TASK ITEM
In the records below, find the line containing "</linearGradient>"; give it again exactly, along with every line that follows, and nothing else.

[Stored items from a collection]
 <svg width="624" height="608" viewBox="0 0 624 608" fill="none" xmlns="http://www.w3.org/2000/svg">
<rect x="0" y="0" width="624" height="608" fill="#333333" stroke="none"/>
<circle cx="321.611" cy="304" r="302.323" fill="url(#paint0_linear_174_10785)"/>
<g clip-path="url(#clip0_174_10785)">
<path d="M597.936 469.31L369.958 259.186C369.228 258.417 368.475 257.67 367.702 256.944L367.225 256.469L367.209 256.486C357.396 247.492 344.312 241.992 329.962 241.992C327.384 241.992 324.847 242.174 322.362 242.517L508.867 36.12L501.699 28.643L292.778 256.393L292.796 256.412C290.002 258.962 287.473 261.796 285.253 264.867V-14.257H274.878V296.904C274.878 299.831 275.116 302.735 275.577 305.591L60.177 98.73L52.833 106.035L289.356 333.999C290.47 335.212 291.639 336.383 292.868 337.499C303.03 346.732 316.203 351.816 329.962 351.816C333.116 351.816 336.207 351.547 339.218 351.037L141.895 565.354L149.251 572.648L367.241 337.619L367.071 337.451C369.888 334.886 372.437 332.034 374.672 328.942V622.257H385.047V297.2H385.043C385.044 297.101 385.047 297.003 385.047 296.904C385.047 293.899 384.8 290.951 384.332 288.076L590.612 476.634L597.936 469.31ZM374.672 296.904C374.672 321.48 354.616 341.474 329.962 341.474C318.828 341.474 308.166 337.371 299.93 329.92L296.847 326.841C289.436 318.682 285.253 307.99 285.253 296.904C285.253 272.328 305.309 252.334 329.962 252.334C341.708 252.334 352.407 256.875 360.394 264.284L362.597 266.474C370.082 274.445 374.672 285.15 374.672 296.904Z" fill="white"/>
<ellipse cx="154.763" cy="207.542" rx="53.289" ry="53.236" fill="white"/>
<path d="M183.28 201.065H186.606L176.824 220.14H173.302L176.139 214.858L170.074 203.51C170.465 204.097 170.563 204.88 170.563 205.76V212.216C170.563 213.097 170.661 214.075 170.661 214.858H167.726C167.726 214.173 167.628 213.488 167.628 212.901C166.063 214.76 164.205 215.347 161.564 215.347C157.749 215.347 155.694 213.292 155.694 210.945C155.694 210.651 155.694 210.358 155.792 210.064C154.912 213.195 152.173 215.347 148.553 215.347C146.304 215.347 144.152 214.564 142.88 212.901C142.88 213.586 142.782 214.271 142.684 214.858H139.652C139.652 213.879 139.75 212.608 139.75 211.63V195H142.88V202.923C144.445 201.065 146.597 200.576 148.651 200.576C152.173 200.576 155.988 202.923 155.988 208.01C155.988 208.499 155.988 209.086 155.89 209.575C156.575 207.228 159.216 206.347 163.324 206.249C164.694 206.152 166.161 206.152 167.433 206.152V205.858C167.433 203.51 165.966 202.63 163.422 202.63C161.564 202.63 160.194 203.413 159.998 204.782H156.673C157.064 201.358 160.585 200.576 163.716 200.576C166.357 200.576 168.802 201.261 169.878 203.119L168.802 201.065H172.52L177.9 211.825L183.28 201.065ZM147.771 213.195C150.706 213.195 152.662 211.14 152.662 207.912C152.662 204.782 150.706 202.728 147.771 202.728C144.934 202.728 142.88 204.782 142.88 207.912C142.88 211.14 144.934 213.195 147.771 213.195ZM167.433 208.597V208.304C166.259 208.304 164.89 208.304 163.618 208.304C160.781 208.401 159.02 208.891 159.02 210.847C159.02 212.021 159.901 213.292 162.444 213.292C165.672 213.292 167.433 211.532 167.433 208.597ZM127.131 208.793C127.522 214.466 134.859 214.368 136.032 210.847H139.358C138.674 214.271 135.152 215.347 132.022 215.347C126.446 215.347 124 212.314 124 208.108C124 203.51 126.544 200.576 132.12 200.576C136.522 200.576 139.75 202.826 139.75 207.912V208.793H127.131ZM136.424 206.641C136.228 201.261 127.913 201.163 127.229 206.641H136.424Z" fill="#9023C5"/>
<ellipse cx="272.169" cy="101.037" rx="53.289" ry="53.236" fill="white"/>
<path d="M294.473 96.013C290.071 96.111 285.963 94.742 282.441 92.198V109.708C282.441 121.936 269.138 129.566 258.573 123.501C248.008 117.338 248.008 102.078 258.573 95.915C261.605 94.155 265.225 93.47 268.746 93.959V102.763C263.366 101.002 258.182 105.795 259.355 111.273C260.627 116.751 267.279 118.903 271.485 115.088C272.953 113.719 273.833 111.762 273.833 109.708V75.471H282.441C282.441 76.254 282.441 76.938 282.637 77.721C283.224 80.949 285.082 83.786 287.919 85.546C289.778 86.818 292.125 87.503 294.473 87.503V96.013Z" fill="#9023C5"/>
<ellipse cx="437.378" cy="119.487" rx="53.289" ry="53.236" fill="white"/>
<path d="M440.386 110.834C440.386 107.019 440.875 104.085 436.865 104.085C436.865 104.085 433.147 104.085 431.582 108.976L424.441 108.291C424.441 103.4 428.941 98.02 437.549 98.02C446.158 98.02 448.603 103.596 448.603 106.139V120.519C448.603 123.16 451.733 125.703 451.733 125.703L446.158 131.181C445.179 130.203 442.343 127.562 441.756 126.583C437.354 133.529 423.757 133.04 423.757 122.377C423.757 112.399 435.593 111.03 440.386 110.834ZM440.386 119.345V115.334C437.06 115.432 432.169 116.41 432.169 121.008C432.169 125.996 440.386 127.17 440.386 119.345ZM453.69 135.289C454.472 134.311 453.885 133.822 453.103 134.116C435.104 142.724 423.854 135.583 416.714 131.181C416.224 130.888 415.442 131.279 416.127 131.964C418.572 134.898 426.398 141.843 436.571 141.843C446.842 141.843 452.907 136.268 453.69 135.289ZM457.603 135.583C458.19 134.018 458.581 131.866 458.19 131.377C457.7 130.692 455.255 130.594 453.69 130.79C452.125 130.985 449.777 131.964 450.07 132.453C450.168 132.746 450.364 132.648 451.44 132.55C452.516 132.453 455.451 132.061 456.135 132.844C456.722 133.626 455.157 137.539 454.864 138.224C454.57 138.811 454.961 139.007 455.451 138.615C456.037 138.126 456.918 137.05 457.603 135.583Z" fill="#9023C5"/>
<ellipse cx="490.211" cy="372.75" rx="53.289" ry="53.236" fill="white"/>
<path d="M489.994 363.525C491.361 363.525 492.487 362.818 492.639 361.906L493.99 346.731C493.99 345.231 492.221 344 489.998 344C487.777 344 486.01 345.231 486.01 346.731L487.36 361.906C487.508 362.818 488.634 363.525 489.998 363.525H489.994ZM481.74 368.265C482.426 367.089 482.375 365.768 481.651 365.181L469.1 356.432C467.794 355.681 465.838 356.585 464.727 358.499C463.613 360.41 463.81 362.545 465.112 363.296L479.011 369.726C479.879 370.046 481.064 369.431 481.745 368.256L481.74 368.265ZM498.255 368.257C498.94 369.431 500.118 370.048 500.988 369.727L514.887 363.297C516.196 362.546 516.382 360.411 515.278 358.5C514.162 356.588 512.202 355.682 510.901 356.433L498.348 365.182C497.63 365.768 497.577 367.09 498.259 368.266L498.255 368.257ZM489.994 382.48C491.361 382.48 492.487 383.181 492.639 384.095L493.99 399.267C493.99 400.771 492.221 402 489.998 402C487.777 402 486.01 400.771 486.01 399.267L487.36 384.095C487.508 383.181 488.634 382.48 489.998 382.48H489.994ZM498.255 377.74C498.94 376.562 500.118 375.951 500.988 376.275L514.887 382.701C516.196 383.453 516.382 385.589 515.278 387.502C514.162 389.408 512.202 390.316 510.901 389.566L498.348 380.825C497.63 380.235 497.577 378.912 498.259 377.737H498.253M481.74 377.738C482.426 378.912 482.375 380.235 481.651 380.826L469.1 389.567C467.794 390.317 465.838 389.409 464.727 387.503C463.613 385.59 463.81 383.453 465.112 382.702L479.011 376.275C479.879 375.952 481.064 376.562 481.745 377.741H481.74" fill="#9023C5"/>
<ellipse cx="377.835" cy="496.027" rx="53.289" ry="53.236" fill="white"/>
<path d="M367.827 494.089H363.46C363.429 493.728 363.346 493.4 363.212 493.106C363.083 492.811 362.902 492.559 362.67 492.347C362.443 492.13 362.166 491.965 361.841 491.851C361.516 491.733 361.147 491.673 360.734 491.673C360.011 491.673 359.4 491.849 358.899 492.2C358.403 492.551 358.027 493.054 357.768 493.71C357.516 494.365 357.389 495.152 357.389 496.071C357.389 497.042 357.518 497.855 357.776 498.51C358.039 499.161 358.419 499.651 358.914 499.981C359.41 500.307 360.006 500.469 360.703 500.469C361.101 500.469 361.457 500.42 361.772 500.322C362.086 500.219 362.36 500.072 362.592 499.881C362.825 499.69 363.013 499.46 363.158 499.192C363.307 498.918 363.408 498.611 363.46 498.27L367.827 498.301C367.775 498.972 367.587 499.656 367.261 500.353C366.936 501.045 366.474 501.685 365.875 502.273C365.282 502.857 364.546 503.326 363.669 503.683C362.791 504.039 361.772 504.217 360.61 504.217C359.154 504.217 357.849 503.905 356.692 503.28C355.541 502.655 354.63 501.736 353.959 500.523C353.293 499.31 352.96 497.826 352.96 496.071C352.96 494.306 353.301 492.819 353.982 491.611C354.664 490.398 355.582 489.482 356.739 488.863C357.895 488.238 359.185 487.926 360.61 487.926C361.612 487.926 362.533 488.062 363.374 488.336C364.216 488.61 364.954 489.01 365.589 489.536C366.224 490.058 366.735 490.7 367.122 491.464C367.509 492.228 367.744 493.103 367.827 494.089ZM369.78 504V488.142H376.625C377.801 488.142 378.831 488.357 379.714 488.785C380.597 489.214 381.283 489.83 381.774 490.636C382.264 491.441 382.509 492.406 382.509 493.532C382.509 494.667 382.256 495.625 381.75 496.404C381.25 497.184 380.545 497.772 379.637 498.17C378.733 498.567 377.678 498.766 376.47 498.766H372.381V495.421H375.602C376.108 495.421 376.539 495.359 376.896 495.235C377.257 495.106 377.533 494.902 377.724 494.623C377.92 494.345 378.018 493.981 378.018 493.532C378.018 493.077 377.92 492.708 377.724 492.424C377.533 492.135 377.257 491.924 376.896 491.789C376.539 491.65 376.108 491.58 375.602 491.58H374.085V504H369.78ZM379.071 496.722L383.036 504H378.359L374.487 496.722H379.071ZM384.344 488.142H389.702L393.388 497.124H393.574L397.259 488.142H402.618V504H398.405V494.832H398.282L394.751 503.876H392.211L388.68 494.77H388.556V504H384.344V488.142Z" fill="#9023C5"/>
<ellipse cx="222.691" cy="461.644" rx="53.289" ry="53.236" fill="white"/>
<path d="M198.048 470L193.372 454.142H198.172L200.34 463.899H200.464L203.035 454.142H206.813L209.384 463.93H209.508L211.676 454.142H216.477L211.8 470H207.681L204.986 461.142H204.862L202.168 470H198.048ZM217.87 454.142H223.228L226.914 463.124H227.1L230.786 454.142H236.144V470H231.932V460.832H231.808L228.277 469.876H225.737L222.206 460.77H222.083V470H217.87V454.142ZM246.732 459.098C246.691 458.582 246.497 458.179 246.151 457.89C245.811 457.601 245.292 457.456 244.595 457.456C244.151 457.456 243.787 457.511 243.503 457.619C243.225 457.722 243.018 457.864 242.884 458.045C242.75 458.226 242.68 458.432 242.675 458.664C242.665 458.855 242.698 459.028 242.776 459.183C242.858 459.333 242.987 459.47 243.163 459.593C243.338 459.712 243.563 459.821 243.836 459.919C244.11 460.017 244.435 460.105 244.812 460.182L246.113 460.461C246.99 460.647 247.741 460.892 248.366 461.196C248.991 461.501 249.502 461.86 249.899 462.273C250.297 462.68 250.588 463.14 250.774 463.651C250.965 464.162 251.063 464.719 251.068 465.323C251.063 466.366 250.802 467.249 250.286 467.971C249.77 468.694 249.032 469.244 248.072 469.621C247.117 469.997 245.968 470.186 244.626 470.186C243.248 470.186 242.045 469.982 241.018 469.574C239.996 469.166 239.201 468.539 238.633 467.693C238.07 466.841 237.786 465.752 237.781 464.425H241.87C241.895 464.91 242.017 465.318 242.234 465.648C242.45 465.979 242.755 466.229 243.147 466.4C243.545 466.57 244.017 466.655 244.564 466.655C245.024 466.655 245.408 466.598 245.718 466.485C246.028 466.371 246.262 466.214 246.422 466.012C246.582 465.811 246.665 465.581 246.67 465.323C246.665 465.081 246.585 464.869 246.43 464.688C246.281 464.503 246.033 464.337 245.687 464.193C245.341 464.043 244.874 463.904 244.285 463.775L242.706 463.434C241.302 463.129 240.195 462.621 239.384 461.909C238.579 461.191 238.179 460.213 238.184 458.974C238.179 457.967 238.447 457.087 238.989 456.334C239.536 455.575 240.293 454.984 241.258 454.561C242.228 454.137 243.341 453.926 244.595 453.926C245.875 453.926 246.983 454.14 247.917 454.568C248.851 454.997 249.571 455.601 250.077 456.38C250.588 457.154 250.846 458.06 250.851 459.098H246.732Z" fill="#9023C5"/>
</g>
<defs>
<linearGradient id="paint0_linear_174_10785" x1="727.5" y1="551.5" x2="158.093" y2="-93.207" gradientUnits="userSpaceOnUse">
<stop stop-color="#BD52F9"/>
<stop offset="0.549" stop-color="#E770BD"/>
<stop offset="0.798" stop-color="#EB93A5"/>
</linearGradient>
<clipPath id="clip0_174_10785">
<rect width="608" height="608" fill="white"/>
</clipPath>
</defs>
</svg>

SOLUTION TO THIS EXERCISE
</linearGradient>
<clipPath id="clip0_174_10785">
<rect width="608" height="608" fill="white"/>
</clipPath>
</defs>
</svg>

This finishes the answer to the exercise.